[REQUIRED WORK]
Your task is to reproduce exactly the lines that run from the beginning of the data through the line where "normal (0, 0, 1)." appears.

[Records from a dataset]
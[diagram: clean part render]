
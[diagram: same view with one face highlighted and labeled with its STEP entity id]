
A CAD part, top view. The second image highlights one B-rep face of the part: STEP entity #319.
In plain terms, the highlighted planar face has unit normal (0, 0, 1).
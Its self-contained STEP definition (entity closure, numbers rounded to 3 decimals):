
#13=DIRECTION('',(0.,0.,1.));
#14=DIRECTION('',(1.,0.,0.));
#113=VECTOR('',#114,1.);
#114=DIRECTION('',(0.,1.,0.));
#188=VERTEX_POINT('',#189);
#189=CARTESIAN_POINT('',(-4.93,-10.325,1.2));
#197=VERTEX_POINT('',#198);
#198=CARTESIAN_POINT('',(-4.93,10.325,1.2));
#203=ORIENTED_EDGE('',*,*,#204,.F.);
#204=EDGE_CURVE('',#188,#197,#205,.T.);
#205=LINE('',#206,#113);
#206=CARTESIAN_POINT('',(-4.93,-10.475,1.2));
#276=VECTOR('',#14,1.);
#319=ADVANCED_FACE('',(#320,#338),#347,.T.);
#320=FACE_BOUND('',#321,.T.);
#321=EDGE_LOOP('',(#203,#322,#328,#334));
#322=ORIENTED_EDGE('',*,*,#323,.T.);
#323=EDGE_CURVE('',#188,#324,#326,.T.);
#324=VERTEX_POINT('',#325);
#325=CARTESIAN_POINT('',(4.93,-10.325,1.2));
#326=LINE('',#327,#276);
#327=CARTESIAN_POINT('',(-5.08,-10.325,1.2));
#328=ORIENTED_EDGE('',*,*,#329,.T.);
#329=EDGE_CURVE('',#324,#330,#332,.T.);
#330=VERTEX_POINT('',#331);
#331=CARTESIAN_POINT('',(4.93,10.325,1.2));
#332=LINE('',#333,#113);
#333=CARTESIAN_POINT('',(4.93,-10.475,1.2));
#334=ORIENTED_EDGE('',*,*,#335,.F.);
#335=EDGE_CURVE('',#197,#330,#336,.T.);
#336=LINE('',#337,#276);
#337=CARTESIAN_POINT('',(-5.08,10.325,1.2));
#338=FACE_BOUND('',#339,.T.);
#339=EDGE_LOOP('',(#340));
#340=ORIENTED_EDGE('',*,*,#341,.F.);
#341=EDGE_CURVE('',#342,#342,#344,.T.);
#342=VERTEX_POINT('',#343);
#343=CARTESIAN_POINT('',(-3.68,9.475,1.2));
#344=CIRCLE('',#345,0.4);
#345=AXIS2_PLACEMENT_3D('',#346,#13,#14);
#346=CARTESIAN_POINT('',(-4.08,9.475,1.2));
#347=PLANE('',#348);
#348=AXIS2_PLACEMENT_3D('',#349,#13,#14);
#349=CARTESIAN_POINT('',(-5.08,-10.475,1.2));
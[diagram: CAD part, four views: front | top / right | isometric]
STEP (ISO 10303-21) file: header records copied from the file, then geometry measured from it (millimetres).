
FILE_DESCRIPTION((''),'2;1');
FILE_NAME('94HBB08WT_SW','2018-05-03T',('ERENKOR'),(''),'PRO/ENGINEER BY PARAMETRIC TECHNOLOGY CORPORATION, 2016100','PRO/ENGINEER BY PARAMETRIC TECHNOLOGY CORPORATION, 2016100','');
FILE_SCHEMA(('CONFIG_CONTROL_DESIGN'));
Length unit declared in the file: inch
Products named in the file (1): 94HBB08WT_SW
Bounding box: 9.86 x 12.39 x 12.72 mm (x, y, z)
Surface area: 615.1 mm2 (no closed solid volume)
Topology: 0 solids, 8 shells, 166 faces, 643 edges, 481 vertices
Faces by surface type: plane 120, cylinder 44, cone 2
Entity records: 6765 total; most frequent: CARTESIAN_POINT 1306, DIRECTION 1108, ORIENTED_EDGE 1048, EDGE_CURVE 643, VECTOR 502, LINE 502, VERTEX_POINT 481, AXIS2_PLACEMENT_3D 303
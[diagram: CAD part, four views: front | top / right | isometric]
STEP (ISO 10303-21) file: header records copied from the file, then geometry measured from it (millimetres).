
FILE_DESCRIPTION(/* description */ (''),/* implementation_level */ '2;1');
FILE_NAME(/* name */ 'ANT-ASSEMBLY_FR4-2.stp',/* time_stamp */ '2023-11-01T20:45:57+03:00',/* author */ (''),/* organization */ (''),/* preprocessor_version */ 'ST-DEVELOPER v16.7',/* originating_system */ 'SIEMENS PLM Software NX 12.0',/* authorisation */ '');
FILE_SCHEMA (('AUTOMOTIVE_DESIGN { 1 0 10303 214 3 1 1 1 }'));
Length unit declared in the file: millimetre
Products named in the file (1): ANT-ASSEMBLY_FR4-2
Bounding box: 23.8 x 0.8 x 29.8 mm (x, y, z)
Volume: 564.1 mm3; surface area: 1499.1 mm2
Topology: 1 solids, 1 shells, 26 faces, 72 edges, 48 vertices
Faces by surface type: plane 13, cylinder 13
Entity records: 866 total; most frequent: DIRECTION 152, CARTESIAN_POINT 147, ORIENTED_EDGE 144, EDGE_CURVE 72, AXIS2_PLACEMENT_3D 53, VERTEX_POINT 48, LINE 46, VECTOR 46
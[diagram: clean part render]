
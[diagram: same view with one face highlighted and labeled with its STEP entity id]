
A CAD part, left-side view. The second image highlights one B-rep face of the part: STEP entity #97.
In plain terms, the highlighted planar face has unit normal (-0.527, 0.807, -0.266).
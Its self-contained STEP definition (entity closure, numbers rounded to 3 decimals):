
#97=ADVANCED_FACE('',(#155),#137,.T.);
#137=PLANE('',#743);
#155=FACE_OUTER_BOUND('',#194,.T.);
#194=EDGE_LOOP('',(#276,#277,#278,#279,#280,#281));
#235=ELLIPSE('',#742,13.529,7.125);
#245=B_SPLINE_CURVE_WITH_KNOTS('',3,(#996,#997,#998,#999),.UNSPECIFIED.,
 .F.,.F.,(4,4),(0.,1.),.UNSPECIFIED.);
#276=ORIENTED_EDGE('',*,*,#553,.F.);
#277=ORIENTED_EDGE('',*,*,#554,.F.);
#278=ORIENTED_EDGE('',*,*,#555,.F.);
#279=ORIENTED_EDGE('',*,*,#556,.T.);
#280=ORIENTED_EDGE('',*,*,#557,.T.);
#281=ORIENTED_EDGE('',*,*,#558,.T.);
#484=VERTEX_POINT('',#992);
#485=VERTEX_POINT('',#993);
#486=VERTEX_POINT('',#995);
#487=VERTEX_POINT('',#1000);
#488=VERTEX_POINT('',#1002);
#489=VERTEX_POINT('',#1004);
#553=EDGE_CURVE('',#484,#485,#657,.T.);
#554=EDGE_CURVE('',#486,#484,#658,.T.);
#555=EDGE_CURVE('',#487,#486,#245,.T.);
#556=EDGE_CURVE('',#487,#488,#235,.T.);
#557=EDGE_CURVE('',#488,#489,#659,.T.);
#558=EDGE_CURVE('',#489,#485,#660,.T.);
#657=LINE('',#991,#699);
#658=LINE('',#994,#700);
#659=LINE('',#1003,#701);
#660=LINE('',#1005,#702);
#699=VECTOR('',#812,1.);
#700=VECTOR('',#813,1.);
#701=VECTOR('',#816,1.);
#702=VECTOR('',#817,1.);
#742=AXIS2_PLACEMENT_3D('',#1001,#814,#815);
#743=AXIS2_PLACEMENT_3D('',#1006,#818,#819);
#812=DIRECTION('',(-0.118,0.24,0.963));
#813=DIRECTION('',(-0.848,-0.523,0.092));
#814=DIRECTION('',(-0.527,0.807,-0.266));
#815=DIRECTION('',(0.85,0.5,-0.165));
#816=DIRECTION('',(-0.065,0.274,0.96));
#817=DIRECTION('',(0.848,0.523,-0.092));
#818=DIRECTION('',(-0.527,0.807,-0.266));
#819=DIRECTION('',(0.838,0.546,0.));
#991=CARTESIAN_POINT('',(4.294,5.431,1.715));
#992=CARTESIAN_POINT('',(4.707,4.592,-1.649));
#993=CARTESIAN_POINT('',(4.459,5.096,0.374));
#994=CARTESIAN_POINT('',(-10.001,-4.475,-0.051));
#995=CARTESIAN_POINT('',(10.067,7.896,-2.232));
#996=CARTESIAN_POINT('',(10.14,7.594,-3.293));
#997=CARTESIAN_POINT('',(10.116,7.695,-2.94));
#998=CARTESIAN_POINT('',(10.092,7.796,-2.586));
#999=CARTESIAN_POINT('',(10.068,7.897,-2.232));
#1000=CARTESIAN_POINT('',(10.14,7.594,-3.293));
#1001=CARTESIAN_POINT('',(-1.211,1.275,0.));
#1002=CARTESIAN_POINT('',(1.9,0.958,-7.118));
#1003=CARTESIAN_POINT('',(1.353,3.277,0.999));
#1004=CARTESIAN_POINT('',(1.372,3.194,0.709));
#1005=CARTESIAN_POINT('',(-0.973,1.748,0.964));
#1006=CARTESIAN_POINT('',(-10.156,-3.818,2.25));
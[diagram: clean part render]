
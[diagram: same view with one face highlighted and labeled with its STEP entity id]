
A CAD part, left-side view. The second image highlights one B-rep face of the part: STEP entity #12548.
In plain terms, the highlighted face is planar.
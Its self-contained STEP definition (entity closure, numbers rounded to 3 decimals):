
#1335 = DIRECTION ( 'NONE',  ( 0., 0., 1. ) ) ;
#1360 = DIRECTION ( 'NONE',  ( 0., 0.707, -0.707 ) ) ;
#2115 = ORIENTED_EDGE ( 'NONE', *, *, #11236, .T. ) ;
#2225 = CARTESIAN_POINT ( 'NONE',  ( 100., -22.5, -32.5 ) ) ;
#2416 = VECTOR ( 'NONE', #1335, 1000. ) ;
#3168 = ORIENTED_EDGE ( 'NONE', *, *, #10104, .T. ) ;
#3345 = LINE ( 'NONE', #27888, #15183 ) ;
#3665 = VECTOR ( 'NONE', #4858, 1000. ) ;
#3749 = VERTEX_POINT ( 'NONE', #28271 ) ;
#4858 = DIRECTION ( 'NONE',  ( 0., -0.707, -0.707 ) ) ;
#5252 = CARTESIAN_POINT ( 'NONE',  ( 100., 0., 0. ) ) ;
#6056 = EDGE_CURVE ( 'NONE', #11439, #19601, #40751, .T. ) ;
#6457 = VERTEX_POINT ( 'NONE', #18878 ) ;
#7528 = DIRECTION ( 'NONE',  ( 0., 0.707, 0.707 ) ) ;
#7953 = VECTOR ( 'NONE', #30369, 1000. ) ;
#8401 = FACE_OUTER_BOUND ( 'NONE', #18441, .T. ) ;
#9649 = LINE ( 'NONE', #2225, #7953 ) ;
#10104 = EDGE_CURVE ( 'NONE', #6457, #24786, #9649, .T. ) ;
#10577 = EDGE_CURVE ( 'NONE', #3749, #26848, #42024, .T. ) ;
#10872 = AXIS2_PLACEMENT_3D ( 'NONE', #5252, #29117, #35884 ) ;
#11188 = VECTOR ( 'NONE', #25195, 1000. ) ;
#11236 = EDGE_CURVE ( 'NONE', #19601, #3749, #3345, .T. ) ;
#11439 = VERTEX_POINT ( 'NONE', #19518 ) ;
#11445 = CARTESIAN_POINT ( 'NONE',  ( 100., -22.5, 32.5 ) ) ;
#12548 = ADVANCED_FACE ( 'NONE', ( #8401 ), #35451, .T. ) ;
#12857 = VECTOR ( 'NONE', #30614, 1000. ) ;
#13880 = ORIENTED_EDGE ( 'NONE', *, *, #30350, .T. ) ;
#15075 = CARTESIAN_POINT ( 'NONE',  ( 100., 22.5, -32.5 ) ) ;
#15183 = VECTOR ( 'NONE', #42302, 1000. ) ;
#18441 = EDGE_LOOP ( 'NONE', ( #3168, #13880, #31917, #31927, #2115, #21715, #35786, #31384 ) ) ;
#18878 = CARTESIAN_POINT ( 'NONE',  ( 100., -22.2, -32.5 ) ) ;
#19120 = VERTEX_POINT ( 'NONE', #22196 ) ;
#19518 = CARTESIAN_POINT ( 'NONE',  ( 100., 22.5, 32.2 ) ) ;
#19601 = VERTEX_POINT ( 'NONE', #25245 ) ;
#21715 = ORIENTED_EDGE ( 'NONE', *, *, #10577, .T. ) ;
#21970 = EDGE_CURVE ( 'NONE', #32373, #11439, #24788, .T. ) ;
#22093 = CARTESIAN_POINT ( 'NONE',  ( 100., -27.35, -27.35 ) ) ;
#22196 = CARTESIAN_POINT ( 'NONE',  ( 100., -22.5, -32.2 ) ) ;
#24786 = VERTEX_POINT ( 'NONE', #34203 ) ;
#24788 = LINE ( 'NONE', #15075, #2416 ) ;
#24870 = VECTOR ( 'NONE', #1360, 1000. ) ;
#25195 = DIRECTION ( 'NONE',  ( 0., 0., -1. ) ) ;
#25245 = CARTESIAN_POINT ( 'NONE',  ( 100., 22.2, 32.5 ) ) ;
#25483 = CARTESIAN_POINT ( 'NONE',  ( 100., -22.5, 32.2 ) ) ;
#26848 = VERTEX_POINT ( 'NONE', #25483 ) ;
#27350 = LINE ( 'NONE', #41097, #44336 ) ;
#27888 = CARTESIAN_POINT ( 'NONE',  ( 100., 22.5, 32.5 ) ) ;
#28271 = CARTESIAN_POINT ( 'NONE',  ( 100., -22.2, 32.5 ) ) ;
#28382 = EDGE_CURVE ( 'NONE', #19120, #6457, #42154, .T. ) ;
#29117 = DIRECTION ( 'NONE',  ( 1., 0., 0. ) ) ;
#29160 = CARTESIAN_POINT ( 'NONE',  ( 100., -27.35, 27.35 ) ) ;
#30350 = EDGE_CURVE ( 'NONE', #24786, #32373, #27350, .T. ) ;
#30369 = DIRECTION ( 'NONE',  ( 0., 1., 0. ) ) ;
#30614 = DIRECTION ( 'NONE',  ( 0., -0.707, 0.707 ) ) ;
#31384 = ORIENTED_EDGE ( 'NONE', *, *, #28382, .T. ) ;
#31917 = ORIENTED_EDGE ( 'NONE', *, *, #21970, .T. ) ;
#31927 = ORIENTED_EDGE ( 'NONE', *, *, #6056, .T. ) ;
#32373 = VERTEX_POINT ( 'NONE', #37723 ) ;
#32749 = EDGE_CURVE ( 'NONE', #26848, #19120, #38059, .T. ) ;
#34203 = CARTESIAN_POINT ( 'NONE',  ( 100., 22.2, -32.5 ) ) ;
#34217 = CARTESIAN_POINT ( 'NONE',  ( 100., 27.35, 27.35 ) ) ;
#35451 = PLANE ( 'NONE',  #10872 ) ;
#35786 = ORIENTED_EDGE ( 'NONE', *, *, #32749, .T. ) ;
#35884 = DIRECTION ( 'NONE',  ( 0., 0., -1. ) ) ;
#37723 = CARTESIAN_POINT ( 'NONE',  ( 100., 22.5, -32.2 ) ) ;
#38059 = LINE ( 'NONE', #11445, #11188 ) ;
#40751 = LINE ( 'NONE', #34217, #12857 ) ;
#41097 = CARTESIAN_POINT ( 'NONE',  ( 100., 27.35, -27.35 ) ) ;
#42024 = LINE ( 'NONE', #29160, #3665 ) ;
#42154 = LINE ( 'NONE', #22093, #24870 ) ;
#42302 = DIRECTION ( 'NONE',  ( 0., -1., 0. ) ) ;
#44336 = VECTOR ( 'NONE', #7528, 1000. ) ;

[EXERCISE RESULT]
[diagram: clean part render]
[diagram: same view with one face highlighted and labeled with its STEP entity id]
A CAD part, top view. The second image highlights one B-rep face of the part: STEP entity #319.
In plain terms, the highlighted planar face has unit normal (0, 0, 1).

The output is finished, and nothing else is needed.